I find it useful to speak to the parent or carer at the beginning of the call, especially if it is an initial assessment. I then ask to speak to the child and, depending on their level of understanding and communication, I explain who I am and why I am speaking with them. I sometimes use ice breakers with young children such as ‘peek a boo’.
During the assessment, what I see is in the hands of the person holding the camera and their video skills can vary. They may forget to turn the camera round on the screen so you can see their face rather than the child. Or they may forget to hold the camera up and show me the floor. I sometimes need to be gently directive in asking them to slow down or show me the child carrying out actions and certain parts of the environment. If the child needs assistance for tasks I ask for two adults or an older sibling to assist with the assessment. One will hold the camera while the other performs tasks or assists the child.
I have found many advantages to video assessing. It can be less intimidating for children on the autistic spectrum to see and hear me on a screen as I am not present in the room and requiring eye contact. This can especially be the case for teenagers as they are used to using video calling and can seem less self-conscious about carrying out some tasks.
I have had several occasions when a parent or carer has told me of a potential issue with the child’s postural seating or with moving and handling. I have used video calling to see the issues for myself and provide advice to the family and resolve the issue remotely by ordering new equipment and arranging socially distanced repairs through suppliers. This could be useful after the pandemic, as I could resolve an issue quickly, and the family would not need to wait for me to visit in person.
I ordinarily limit my clients’ locations to about one hour from my work base due to the time constraints of travelling to see them regularly. However, I have successfully assessed children all over the UK during the pandemic. I can see how this could continue to be useful once social distancing is eased. I will be able to assess clients in less accessible locations, such as in the Channel Islands and the Isle of Wight, where a local therapist with relevant skills may not be available. Even if it is necessary to visit the child occasionally in person, video calling could make intervention more frequent, thereby providing a more satisfactory service for the client and their family.
When I look back at the past few years, there have been times when visiting clients has not been possible, either due to severe weather conditions such as flooding, high winds and snow or because a child is too unwell to have visitors. I can see potential for video calling to enable more consistent therapy at these times.

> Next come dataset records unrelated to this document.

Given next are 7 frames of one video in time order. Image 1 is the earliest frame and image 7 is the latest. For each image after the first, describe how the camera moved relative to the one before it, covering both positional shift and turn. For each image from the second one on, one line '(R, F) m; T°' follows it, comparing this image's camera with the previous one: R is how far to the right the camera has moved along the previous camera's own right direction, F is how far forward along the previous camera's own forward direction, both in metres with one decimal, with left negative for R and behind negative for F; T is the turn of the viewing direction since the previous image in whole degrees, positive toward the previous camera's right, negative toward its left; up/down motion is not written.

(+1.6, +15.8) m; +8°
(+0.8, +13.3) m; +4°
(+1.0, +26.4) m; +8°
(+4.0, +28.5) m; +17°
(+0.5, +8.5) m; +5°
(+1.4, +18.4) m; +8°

There can be disadvantages to not visiting a client in person, such as the lack of physical interaction and not being able to assess a child’s tone or complex postural needs. There are also safeguarding considerations as I may only be seeing what the parent wants me to see. I try to ask relevant questions and pick up on any strain or tension in the family. I also liaise with the medical and therapy team when possible to mitigate this risk.

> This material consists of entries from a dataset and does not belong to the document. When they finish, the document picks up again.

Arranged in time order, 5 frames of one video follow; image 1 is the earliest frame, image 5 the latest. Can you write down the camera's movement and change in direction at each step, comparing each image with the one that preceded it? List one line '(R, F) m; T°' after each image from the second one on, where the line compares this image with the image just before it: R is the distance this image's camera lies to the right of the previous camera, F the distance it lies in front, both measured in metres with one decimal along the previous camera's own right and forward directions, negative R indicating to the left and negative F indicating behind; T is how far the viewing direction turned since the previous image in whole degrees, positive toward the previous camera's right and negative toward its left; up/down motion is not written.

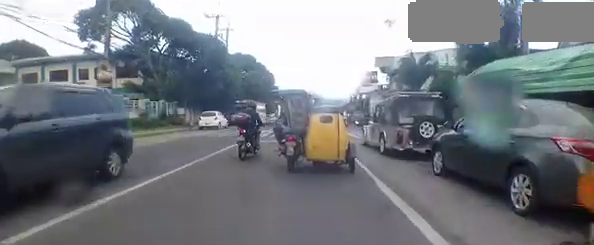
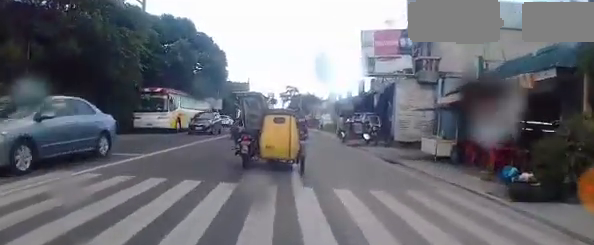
(+2.1, +17.4) m; +9°
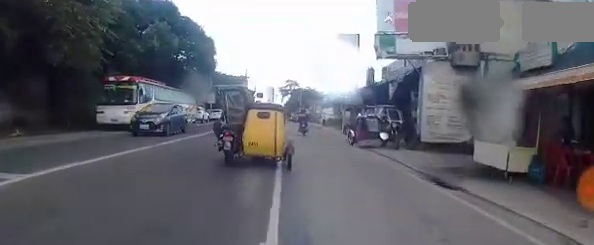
(+0.1, +4.3) m; -2°
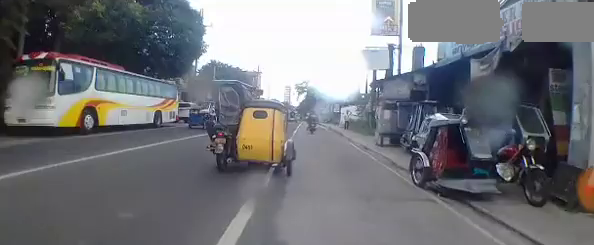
(-0.4, +7.4) m; -1°
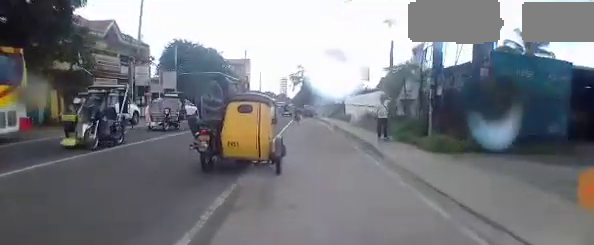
(+0.4, +12.7) m; +2°
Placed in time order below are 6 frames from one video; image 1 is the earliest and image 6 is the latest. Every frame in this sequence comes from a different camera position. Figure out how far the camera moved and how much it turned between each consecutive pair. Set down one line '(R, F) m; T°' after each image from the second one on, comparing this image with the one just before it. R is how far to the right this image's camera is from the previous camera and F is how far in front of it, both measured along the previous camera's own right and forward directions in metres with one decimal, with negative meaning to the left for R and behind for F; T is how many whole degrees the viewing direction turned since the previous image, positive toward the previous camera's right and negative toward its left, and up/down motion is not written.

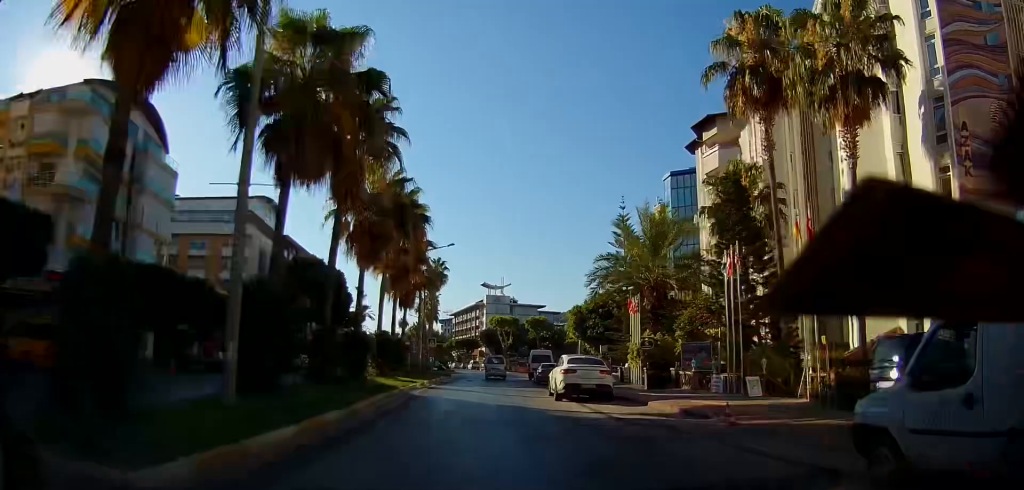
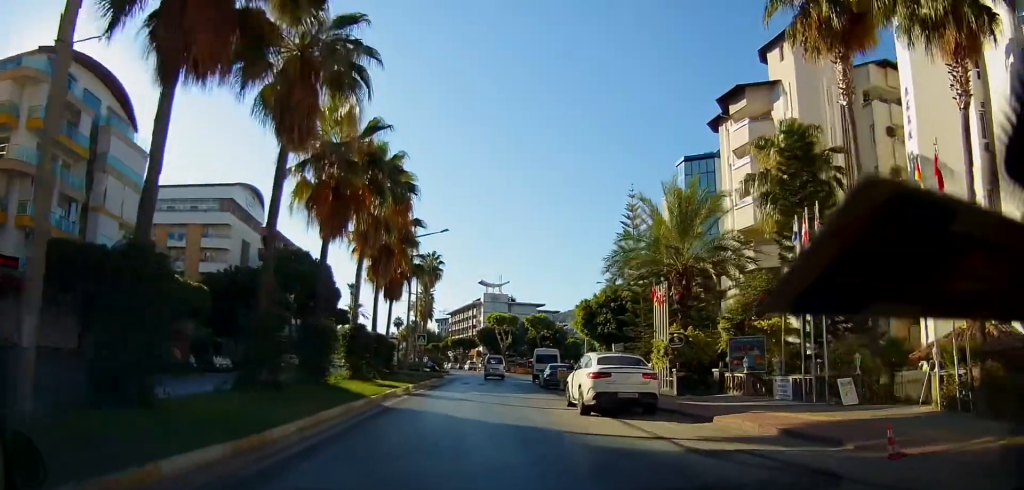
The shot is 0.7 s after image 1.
(+0.1, +5.3) m; 0°
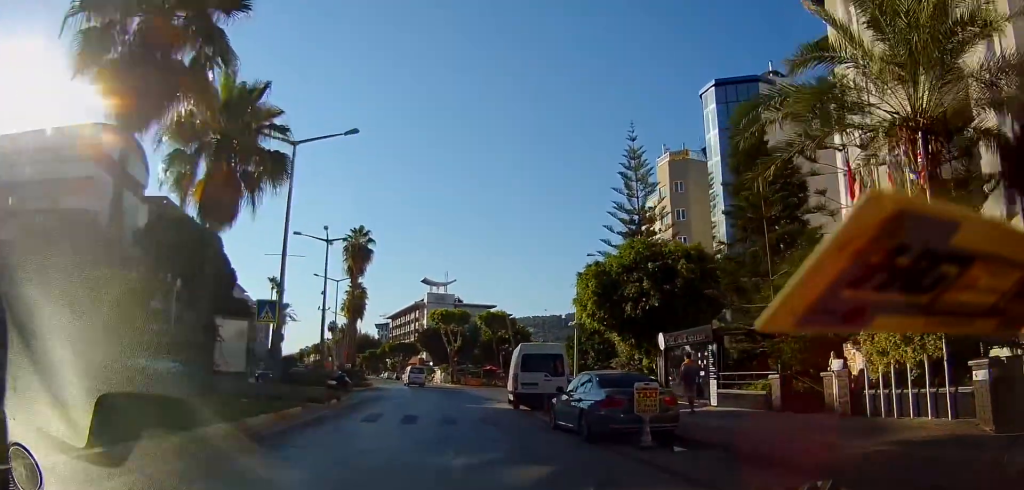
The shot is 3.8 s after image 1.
(-0.6, +20.3) m; +4°
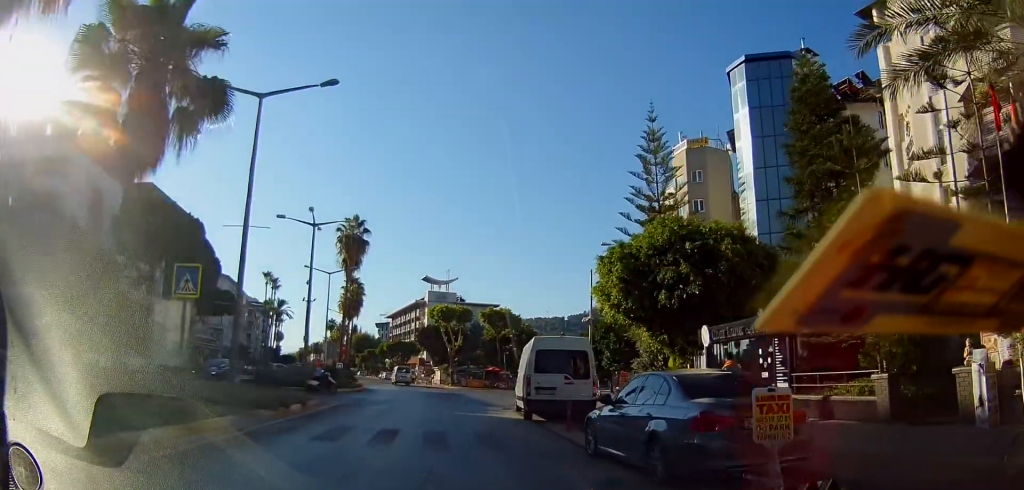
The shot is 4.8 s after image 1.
(+0.2, +4.9) m; +1°
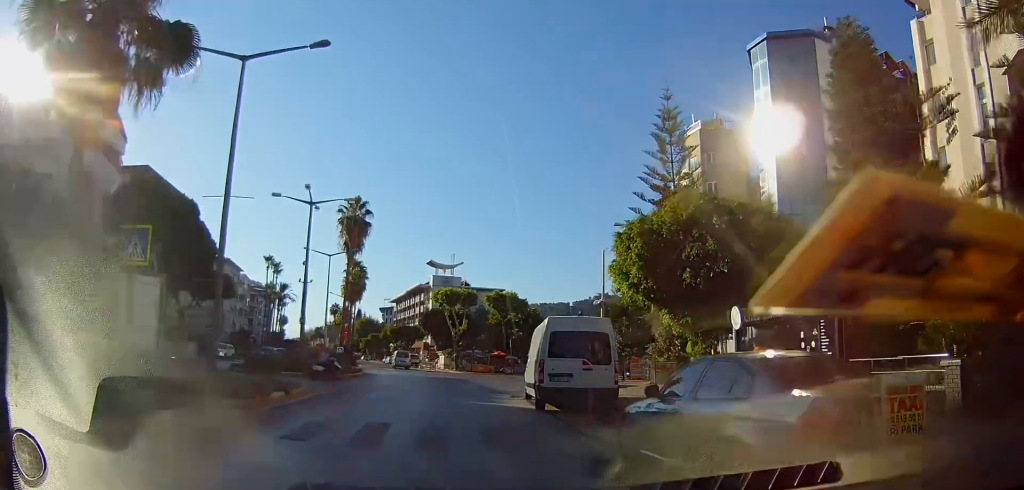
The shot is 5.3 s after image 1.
(0.0, +2.1) m; -1°
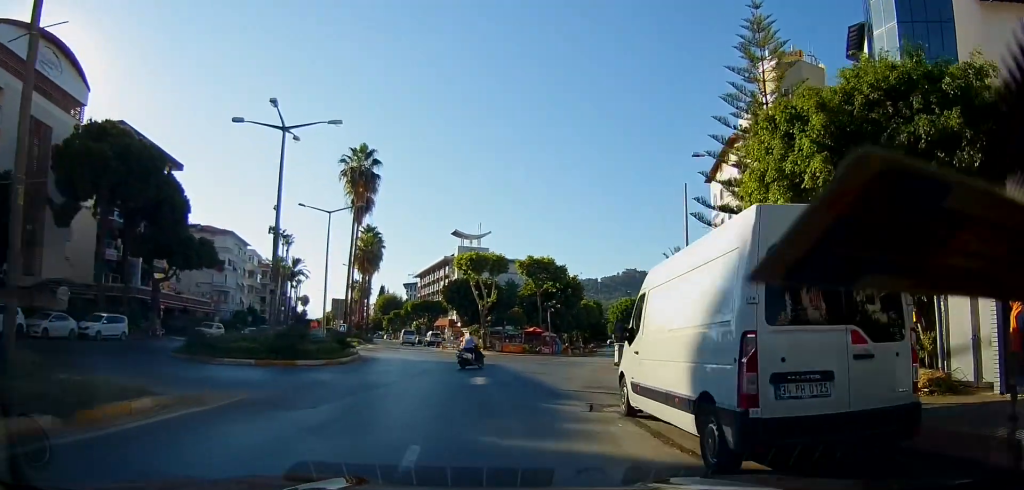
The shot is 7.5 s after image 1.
(-0.2, +9.3) m; -6°

Although I ask the parent to show me the home, I rely on the accuracy of third-party resources such as room measurements and heights of steps as I am not there to measure them for myself. However, architectural plans for the home layout and space in the environment can assist with this.
There have been many advantages to using video calling during the pandemic. It has allowed me to continue my intervention and ensure clients feel safe and are having their needs met.
I have even trained formal support workers in safe moving and handling using video calling and a PowerPoint presentation. I have also carried out site visits and house viewings by video call.
I can also see potential for a change in the way I work after the restrictions are eased to continue to ensure that children and families can access support in a timely fashion. Some children, young people and families can have the choice of face-to-face contact or video calling for assessments and follow-up interventions. Parents could record a video of their children during some behaviours which they would not display with a therapist present, and send the clip to me, thereby making my assessment more complete. I can also see potential for families in areas with no local therapists with relevant skills being provided with the intervention they need.
I have embraced the opportunity to work in different ways and will endeavour to provide choice to my clients about how they would like to receive the intervention they need.